Gaussian certified unlearning in high dimensions: A hypothesis testing approach

Machine unlearning seeks to efficiently remove the influence of selected data while preserving generalization. Significant progress has been made in low dimensions, where the dimension of the parameter $p$ is much smaller than the sample size $n$, but high dimensions, including proportional regimes $p \sim n$, pose serious theoretical challenges as standard optimization assumptions of $\Omega(1)$ strong convexity and $O(1)$ smoothness of the per-example loss $f$ rarely hold simultaneously in proportional regimes $p\sim n$. In this work, we introduce $\varepsilon$-Gaussian certifiability, a canonical and robust notion well-suited to high-dimensional regimes, that optimally captures a broad class of noise adding mechanisms. Then we theoretically analyze the performance of a widely used unlearning algorithm based on one step of the Newton method in the high-dimensional setting described above. Our analysis shows that a single Newton step, followed by a well-calibrated Gaussian noise, is sufficient to achieve both privacy and accuracy in this setting.

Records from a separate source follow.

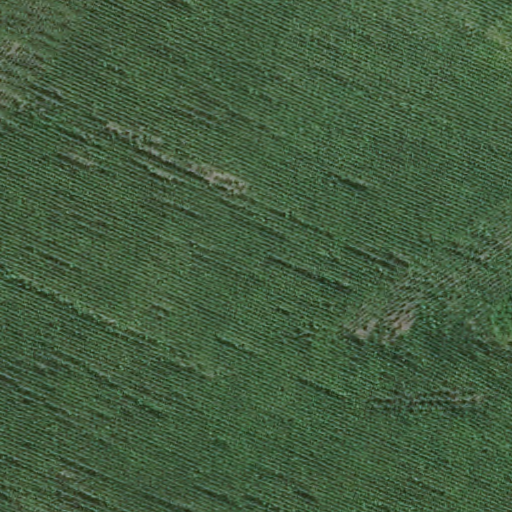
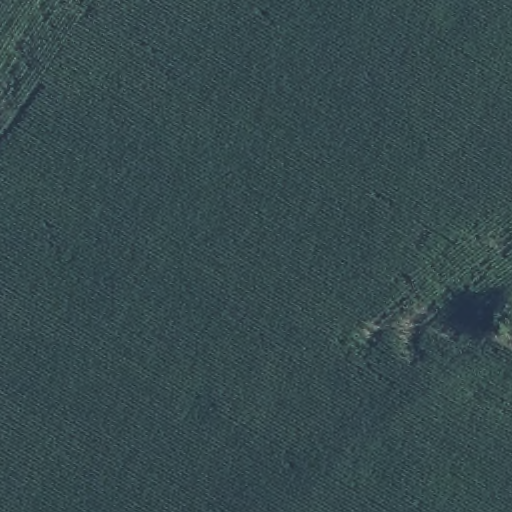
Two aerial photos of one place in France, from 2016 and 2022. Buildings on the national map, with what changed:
[]

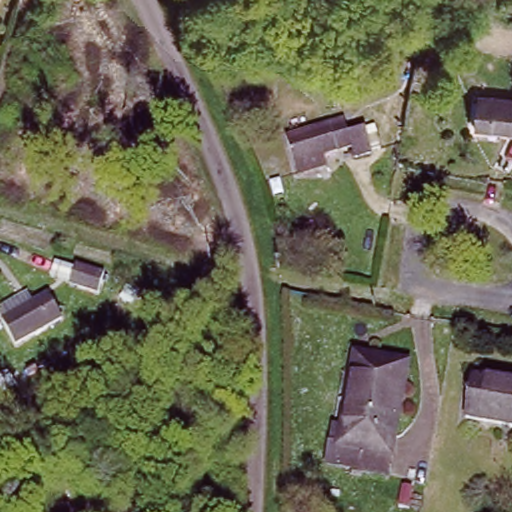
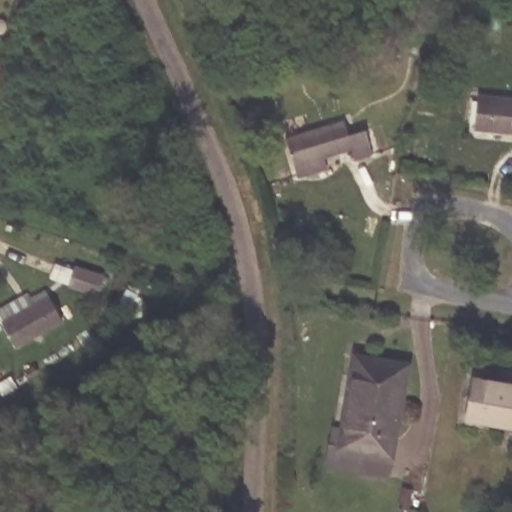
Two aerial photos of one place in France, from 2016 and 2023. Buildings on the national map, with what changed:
unchanged [(480,98),(512,101),(512,129),(477,126),(480,98)]
unchanged [(292,166),(285,142),(344,126),(347,137),(364,133),(371,156),(353,161),(350,149),(322,157),(325,169),(295,178),(292,166)]
unchanged [(77,264),(106,273),(100,292),(72,283),(77,264)]
unchanged [(51,294),(65,318),(18,345),(5,321),(51,294)]
unchanged [(394,471),(344,462),(364,351),(413,360),(394,471)]
unchanged [(470,380),(512,387),(512,428),(463,420),(470,380)]
unchanged [(417,483),(407,481),(409,462),(419,463),(417,483)]

This result stands in sharp contrast to the only prior work that analyzes machine unlearning in high dimensions \citet{zou2025certified}, which relaxes some of the standard optimization assumptions for high-dimensional applicability, but operates under the notion of $\varepsilon$-certifiability. That work concludes %that a single Newton step is insufficient even for removing a single data point, and that at least two steps are required to ensure both privacy and accuracy. Our result leads us to conclude that the discrepancy in the number of steps arises because of the sub optimality of the notion of $\varepsilon$-certifiability and its incompatibility with noise adding mechanisms, which $\varepsilon$-Gaussian certifiability is able to overcome optimally.